In a statement, Academi called the Bild am Sonntag report “completely false.” Then-U.S. national security spokeswoman Caitlin Hayden called the report “nonsense.”

At the time, Russia had recently annexed the Ukrainian territory of Crimea and was building up its military presence in and around Ukraine. McClatchy suggested that the German report could be part of a propaganda effort by Russia to diminish support for the government in Kiev.

“Russia has been waging a decade-long propaganda war to sour Ukrainians on the government in Kiev, and this report fits right in to Russia’s hopes to reduce international pressure on it,” McClatchy's Matthew Schofield noted. "To be able to show that the United States, even in the form of mercenaries and not official military personnel, are active on behalf of Kiev would to many further justify Russian actions."

The Trend Micro report released Tuesday does not indicate whether hackers obtained any information from Academi that they were later able to weaponize. But it does describe Pawn Storm’s practice of using the media “to publicize attacks and influence public opinion.”

Guccifer 2.0, the hacker who claimed responsibility for the cyberattack against the Democratic National Committee during the 2016 presidential campaign, approached reporters and offered them exclusive access to password-protected parts of the website dcleaks.com, where stolen emails were housed. According to Trend Micro, Guccifer 2.0 is “very likely” affiliated with Pawn Storm.

Last year, Fancy Bear hackers provided Der Spiegel, a respected German magazine, with internal emails from the U.S. Anti-Doping Agency and the World Anti-Doping Agency.
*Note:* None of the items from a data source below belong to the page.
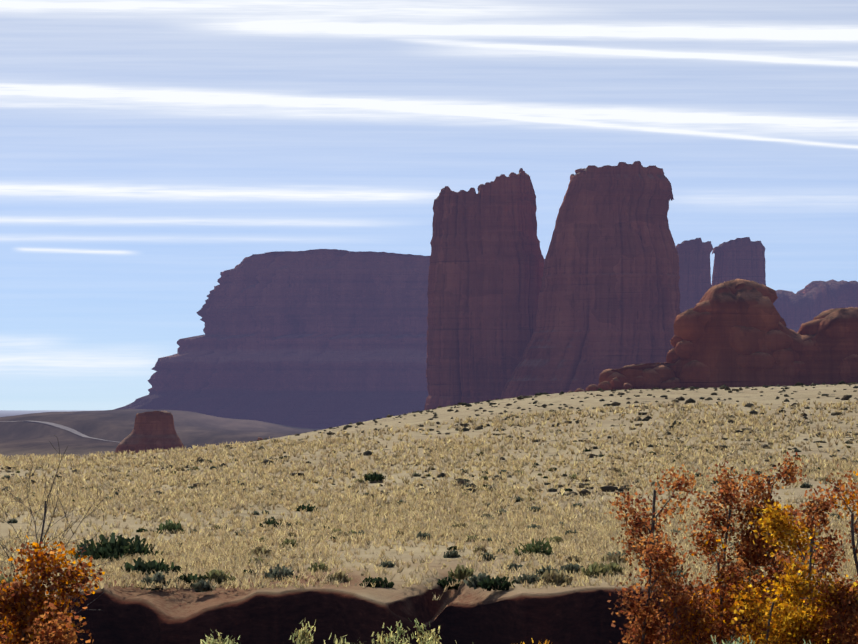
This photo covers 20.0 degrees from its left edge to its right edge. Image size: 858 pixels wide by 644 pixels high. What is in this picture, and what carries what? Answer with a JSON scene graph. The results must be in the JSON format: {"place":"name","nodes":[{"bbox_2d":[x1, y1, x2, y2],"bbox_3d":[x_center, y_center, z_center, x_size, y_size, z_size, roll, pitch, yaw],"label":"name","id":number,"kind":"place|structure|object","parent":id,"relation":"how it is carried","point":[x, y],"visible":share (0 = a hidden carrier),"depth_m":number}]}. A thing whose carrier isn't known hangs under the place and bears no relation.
{"place":"outdoors","nodes":[
{"label":"outdoors","id":0,"kind":"place"},
{"bbox_2d":[0,421,115,441],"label":"distant road","id":1,"kind":"structure","parent":0,"point":[68,429],"depth_m":1527.77},
{"bbox_2d":[0,384,857,643],"bbox_3d":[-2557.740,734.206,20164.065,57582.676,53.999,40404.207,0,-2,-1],"label":"ground","id":2,"kind":"structure","parent":0,"point":[464,613],"depth_m":126.26},
{"bbox_2d":[115,411,183,453],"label":"butte","id":3,"kind":"object","parent":2,"relation":"on","point":[152,430],"visible":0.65,"depth_m":554.05},
{"bbox_2d":[113,249,544,428],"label":"mesa","id":4,"kind":"structure","parent":2,"relation":"on","point":[320,339],"depth_m":2458.45},
{"bbox_2d":[0,400,857,599],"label":"grass tufts","id":5,"kind":"object","parent":2,"relation":"on","point":[598,532],"visible":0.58,"depth_m":163.62},
{"bbox_2d":[0,435,857,591],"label":"shrubs","id":6,"kind":"object","parent":2,"relation":"on","point":[113,546],"visible":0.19,"depth_m":99.55},
{"bbox_2d":[0,435,857,643],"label":"autumn trees","id":7,"kind":"object","parent":2,"relation":"on","point":[824,618],"depth_m":68.58},
{"bbox_2d":[1,381,857,498],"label":"shrubs","id":8,"kind":"object","parent":2,"relation":"on","point":[608,488],"visible":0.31,"depth_m":303.29},
{"bbox_2d":[258,377,632,439],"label":"rocks","id":9,"kind":"object","parent":2,"relation":"on","point":[615,383],"visible":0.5,"depth_m":494.62},
{"bbox_2d":[424,168,543,409],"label":"tower","id":10,"kind":"structure","parent":2,"relation":"on","point":[486,267],"depth_m":1210.68},
{"bbox_2d":[200,618,810,643],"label":"wash shrubs","id":11,"kind":"object","parent":2,"relation":"on","point":[399,631],"depth_m":59.15},
{"bbox_2d":[500,161,680,398],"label":"tower","id":12,"kind":"structure","parent":2,"relation":"on","point":[609,296],"depth_m":1163.17},
{"bbox_2d":[676,238,712,312],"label":"tower","id":13,"kind":"structure","parent":2,"relation":"on","point":[694,285],"depth_m":1744.16},
{"bbox_2d":[599,279,857,389],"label":"rock outcrop","id":14,"kind":"object","parent":2,"relation":"on","point":[735,333],"visible":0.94,"depth_m":501.48},
{"bbox_2d":[711,237,765,285],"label":"tower","id":15,"kind":"structure","parent":2,"relation":"on","point":[741,258],"depth_m":1770.05},
{"bbox_2d":[773,279,857,331],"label":"distant mesa","id":16,"kind":"structure","parent":2,"relation":"on","point":[807,303],"depth_m":2263.15},
{"bbox_2d":[0,0,857,409],"label":"sky","id":17,"kind":"structure","parent":0,"point":[149,149]}
]}

The magazine used information from these emails in its feature about the effort to combat sports doping.

In its report, Trend Micro lists dozens of governments, political parties, international and private organizations, and news outlets that were targeted by Pawn Storm ― including the campaign of Emmanuel Macron, who is facing pro-Russian candidate Marine Le Pen in the French presidential election.